On the back, consider adding important dates, location details, or your team’s motto to further personalize the piece.
Check out this example we produced for the Greater Cleveland chapter of the Vietnam Veterans of America.
They cleverly included the outline of Cleveland’s skyline as a way to tie the coin to their location.
Find inspiration from examples
If you don’t have a specific logo and aren’t sure where to start, browse through existing coins to get some ideas.
Start by searching Pinterest. There are pages and pages of results for challenge coins, so you’ll have plenty to look at. You can narrow it down by adding additional terms like “police” or “sports.”
If you want to use more valuable collectors coins as your guide, peruse Collectors Weekly. The featured coins change often and sometimes include amazing pieces that sell for thousands of dollars.
Use the Pantone Color Matching System to perfectly match colors
The Pantone Matching System is a standardized way to reproduce colors. Whether you already have a specific logo color or you see an example you love online, the Pantone Matching System helps us match it exactly.
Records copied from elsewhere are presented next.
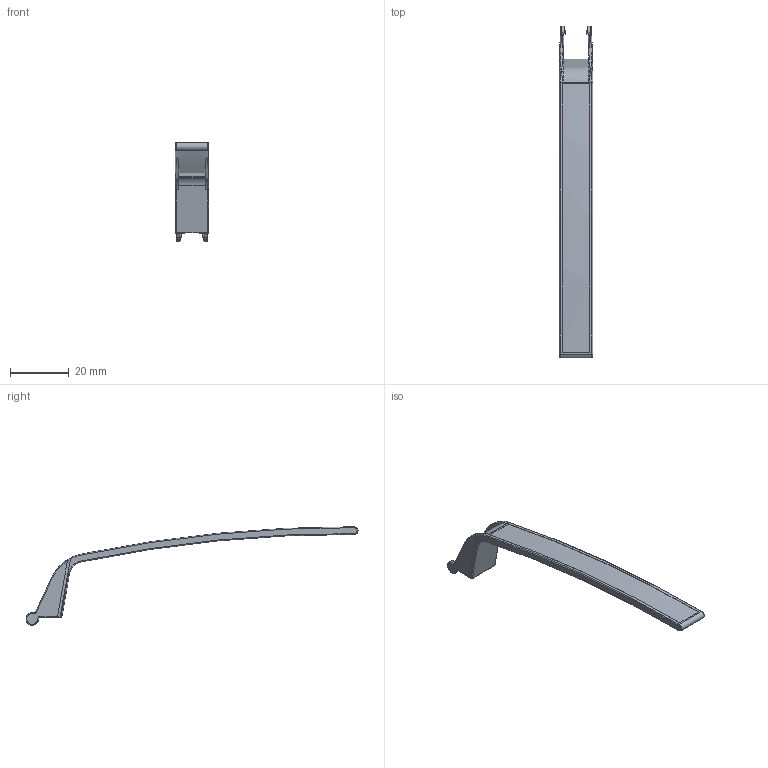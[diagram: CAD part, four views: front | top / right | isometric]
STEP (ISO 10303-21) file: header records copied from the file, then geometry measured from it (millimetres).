
FILE_DESCRIPTION(('CATIA V5R24 STEP','CAx-IF Rec.Pracs.--- Model Styling and Organization---1.2---2011-12-15'),'2;1');
FILE_NAME ('D1451251_0_1339920000_1339920000.stp','2016-11-04T07:57:09+00:00',('none'),('Weidmueller'),'CATIA Version 5-6 Release 2014 SP4 HF52','CATIA V5 STEP AP214','none');
FILE_SCHEMA(('AUTOMOTIVE_DESIGN { 1 0 10303 214 1 1 1 1 }'));
Length unit declared in the file: millimetre
Products named in the file (1): UR20_SWMA_S3D
Bounding box: 11.4 x 113.31 x 33.59 mm (x, y, z)
Volume: 2061 mm3; surface area: 4100.3 mm2
Topology: 1 solids, 1 shells, 134 faces, 330 edges, 194 vertices
Faces by surface type: cylinder 48, plane 38, bspline 28, torus 10, cone 6, sphere 4
Entity records: 5913 total; most frequent: CARTESIAN_POINT 3144, ORIENTED_EDGE 644, DIRECTION 410, EDGE_CURVE 322, VERTEX_POINT 194, AXIS2_PLACEMENT_3D 185, EDGE_LOOP 138, ADVANCED_FACE 134
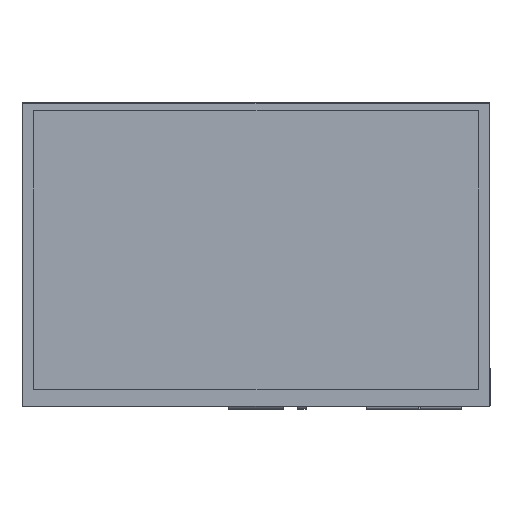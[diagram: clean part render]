
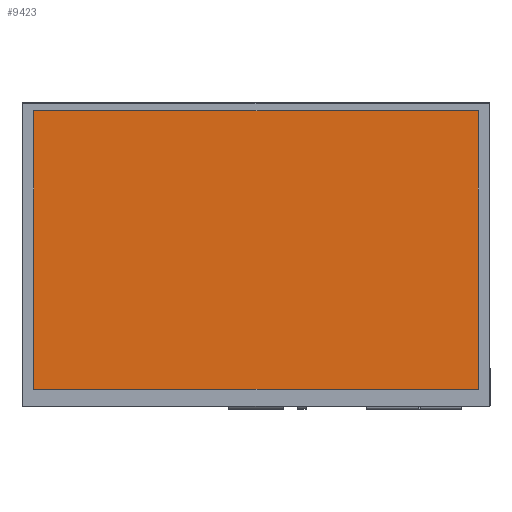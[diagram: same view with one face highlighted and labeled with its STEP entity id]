
A CAD part, top view. The second image highlights one B-rep face of the part: STEP entity #9423.
In plain terms, the highlighted planar face has unit normal (0, 0, 1).
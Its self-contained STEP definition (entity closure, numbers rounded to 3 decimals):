
#592=FACE_OUTER_BOUND('',#1093,.T.);
#1093=EDGE_LOOP('',(#6416,#6417,#6418,#6419));
#1626=LINE('',#13366,#2852);
#1630=LINE('',#13374,#2856);
#1633=LINE('',#13380,#2859);
#1636=LINE('',#13385,#2862);
#2852=VECTOR('',#10892,10.);
#2856=VECTOR('',#10898,10.);
#2859=VECTOR('',#10903,10.);
#2862=VECTOR('',#10908,10.);
#4066=VERTEX_POINT('',#13364);
#4067=VERTEX_POINT('',#13365);
#4070=VERTEX_POINT('',#13373);
#4072=VERTEX_POINT('',#13379);
#4980=EDGE_CURVE('',#4066,#4067,#1626,.T.);
#4984=EDGE_CURVE('',#4070,#4066,#1630,.T.);
#4987=EDGE_CURVE('',#4072,#4070,#1633,.T.);
#4990=EDGE_CURVE('',#4067,#4072,#1636,.T.);
#6416=ORIENTED_EDGE('',*,*,#4990,.F.);
#6417=ORIENTED_EDGE('',*,*,#4980,.F.);
#6418=ORIENTED_EDGE('',*,*,#4984,.F.);
#6419=ORIENTED_EDGE('',*,*,#4987,.F.);
#8979=PLANE('',#10166);
#9423=ADVANCED_FACE('',(#592),#8979,.T.);
#10166=AXIS2_PLACEMENT_3D('',#13388,#10912,#10913);
#10892=DIRECTION('',(0.,1.,0.));
#10898=DIRECTION('',(-1.,0.,0.));
#10903=DIRECTION('',(0.,-1.,0.));
#10908=DIRECTION('',(1.,0.,0.));
#10912=DIRECTION('center_axis',(0.,0.,1.));
#10913=DIRECTION('ref_axis',(1.,0.,0.));
#13364=CARTESIAN_POINT('',(32.395,26.505,1.1));
#13365=CARTESIAN_POINT('',(32.395,163.105,1.1));
#13366=CARTESIAN_POINT('',(32.395,26.505,1.1));
#13373=CARTESIAN_POINT('',(250.355,26.505,1.1));
#13374=CARTESIAN_POINT('',(250.355,26.505,1.1));
#13379=CARTESIAN_POINT('',(250.355,163.105,1.1));
#13380=CARTESIAN_POINT('',(250.355,163.105,1.1));
#13385=CARTESIAN_POINT('',(32.395,163.105,1.1));
#13388=CARTESIAN_POINT('Origin',(141.375,94.805,1.1));
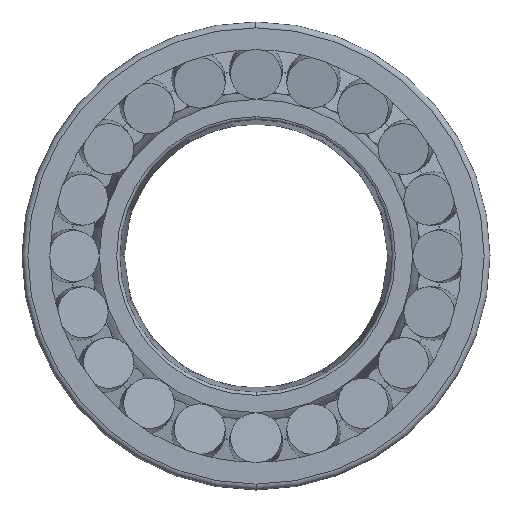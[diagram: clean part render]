
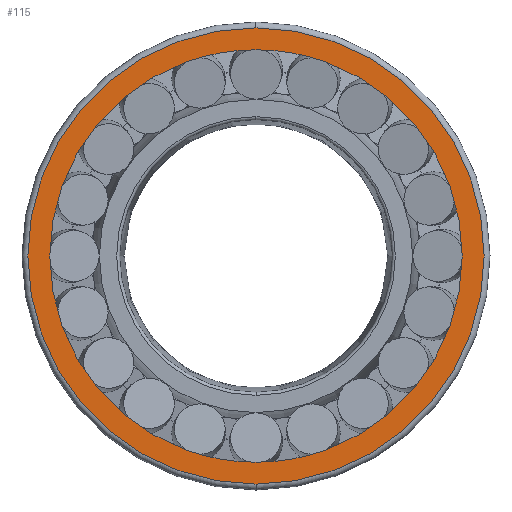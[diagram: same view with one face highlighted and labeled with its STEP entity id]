
A CAD part, left-side view. The second image highlights one B-rep face of the part: STEP entity #115.
In plain terms, the highlighted planar face has unit normal (-1, 0, 0).
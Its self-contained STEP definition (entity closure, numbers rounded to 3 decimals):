
#115=ADVANCED_FACE('',(#453,#454),#455,.T.);
#453=FACE_OUTER_BOUND('',#1112,.T.);
#454=FACE_BOUND('',#1113,.T.);
#455=PLANE('',#1114);
#1112=EDGE_LOOP('',(#2048,#2049,#2050));
#1113=EDGE_LOOP('',(#2051,#2052,#2053));
#1114=AXIS2_PLACEMENT_3D('',#2054,#2055,#2056);
#2048=ORIENTED_EDGE('',*,*,#4132,.F.);
#2049=ORIENTED_EDGE('',*,*,#4131,.F.);
#2050=ORIENTED_EDGE('',*,*,#4173,.F.);
#2051=ORIENTED_EDGE('',*,*,#4177,.T.);
#2052=ORIENTED_EDGE('',*,*,#4110,.T.);
#2053=ORIENTED_EDGE('',*,*,#4178,.T.);
#2054=CARTESIAN_POINT('',(0.0,74.25,0.0));
#2055=DIRECTION('',(-1.0,0.0,0.0));
#2056=DIRECTION('',(0.0,-1.0,0.0));
#4110=EDGE_CURVE('',#4908,#4905,#4909,.T.);
#4131=EDGE_CURVE('',#4947,#4950,#4951,.T.);
#4132=EDGE_CURVE('',#4950,#4952,#4953,.T.);
#4173=EDGE_CURVE('',#4952,#4947,#5010,.T.);
#4177=EDGE_CURVE('',#5015,#4908,#5016,.T.);
#4178=EDGE_CURVE('',#4905,#5015,#5017,.T.);
#4905=VERTEX_POINT('',#6228);
#4908=VERTEX_POINT('',#6231);
#4909=CIRCLE('',#6232,70.5);
#4947=VERTEX_POINT('',#6272);
#4950=VERTEX_POINT('',#6275);
#4951=CIRCLE('',#6276,78.0);
#4952=VERTEX_POINT('',#6277);
#4953=CIRCLE('',#6278,78.0);
#5010=CIRCLE('',#6453,78.0);
#5015=VERTEX_POINT('',#6458);
#5016=CIRCLE('',#6459,70.5);
#5017=CIRCLE('',#6460,70.5);
#6228=CARTESIAN_POINT('',(0.0,0.,-70.5));
#6231=CARTESIAN_POINT('',(0.0,0.,70.5));
#6232=AXIS2_PLACEMENT_3D('',#12996,#12997,#12998);
#6272=CARTESIAN_POINT('',(0.0,0.,-78.0));
#6275=CARTESIAN_POINT('',(0.0,78.0,0.0));
#6276=AXIS2_PLACEMENT_3D('',#13055,#13056,#13057);
#6277=CARTESIAN_POINT('',(0.0,0.,78.0));
#6278=AXIS2_PLACEMENT_3D('',#13058,#13059,#13060);
#6453=AXIS2_PLACEMENT_3D('',#13128,#13129,#13130);
#6458=CARTESIAN_POINT('',(0.0,70.5,0.0));
#6459=AXIS2_PLACEMENT_3D('',#13140,#13141,#13142);
#6460=AXIS2_PLACEMENT_3D('',#13143,#13144,#13145);
#12996=CARTESIAN_POINT('',(0.0,0.0,0.0));
#12997=DIRECTION('',(1.0,0.0,0.0));
#12998=DIRECTION('',(0.0,1.0,0.0));
#13055=CARTESIAN_POINT('',(0.0,0.0,0.0));
#13056=DIRECTION('',(1.0,0.0,0.0));
#13057=DIRECTION('',(0.0,1.0,0.0));
#13058=CARTESIAN_POINT('',(0.0,0.0,0.0));
#13059=DIRECTION('',(1.0,0.0,0.0));
#13060=DIRECTION('',(0.0,1.0,0.0));
#13128=CARTESIAN_POINT('',(0.0,0.0,0.0));
#13129=DIRECTION('',(1.0,0.0,0.0));
#13130=DIRECTION('',(0.0,1.0,0.0));
#13140=CARTESIAN_POINT('',(0.0,0.0,0.0));
#13141=DIRECTION('',(1.0,0.0,0.0));
#13142=DIRECTION('',(0.0,1.0,0.0));
#13143=CARTESIAN_POINT('',(0.0,0.0,0.0));
#13144=DIRECTION('',(1.0,0.0,0.0));
#13145=DIRECTION('',(0.0,1.0,0.0));

You can use an app like Eye Dropper to find the Pantone code from anything you see on your computer screen. Or send us the example, and we’ll match it for you.
Get Challenge Coin design help
Don’t have a logo or an arts background but want a killer coin design? No problem.
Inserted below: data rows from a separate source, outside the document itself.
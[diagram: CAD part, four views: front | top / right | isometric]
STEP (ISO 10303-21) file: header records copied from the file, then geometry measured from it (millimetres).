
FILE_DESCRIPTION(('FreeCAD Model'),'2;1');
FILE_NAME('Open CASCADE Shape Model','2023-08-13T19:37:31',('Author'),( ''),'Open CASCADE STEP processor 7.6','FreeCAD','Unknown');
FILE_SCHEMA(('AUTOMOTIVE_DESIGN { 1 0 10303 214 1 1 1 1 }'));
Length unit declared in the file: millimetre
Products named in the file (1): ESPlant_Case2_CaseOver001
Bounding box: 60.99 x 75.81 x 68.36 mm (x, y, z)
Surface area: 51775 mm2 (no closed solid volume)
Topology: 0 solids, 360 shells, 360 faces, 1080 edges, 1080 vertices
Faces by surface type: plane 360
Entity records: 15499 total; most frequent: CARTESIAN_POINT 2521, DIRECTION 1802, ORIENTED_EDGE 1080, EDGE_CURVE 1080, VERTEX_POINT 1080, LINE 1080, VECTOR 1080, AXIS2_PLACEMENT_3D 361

WizardPins and 99designs have teamed up to connect you with graphic artists who can turn your vague dream into crystal-clear coin reality. It’s like having an on-demand design team develop your coin from scratch, but without all the trouble of actually hiring a design team.
2. Enamel Type
Enamel is the colored material that’s poured into the coin’s metal base. You can use hard, soft, or no enamel at all. Each lends a different aesthetic to the final product.
Soft enamelIn a soft enamel coin, the metal base is only partially filled with enamel. That leaves some raised metal edges that offer texture and become a design feature of the coin.
Soft enamel coins are by far the most popular because
- they are less expensive,
- they look great with intricate and simple designs, and
- they allow for the most color options.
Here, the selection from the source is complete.